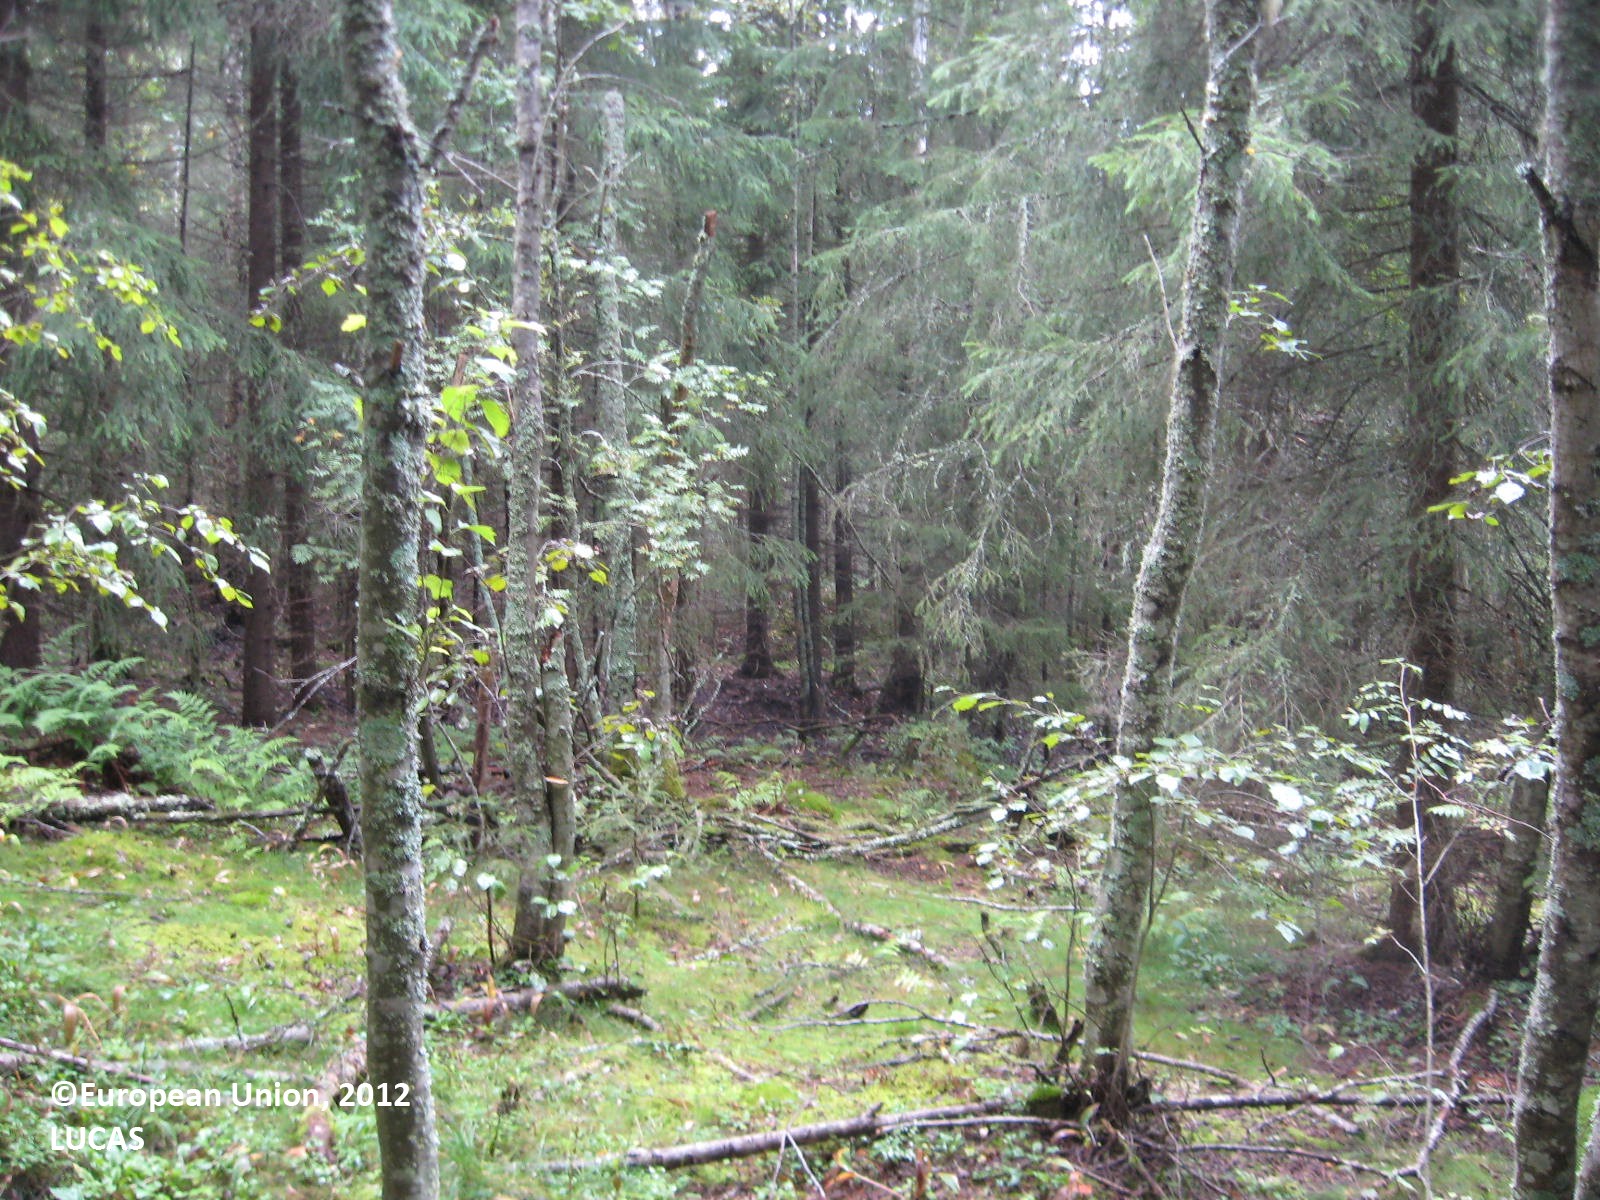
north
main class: Woodland
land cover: Other mixed woodland
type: boreal forest
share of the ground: > 75 %
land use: Forestry
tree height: > 5 m
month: August
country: FI
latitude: 63.5793
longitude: 29.2102

--*--

Copy out all the records exactly, excluding pictures.

▶ **Completed exercise**:
north
main class: Woodland
land cover: Other mixed woodland
type: boreal forest
share of the ground: > 75 %
land use: Forestry
tree height: > 5 m
month: August
country: FI
latitude: 63.5793
longitude: 29.2102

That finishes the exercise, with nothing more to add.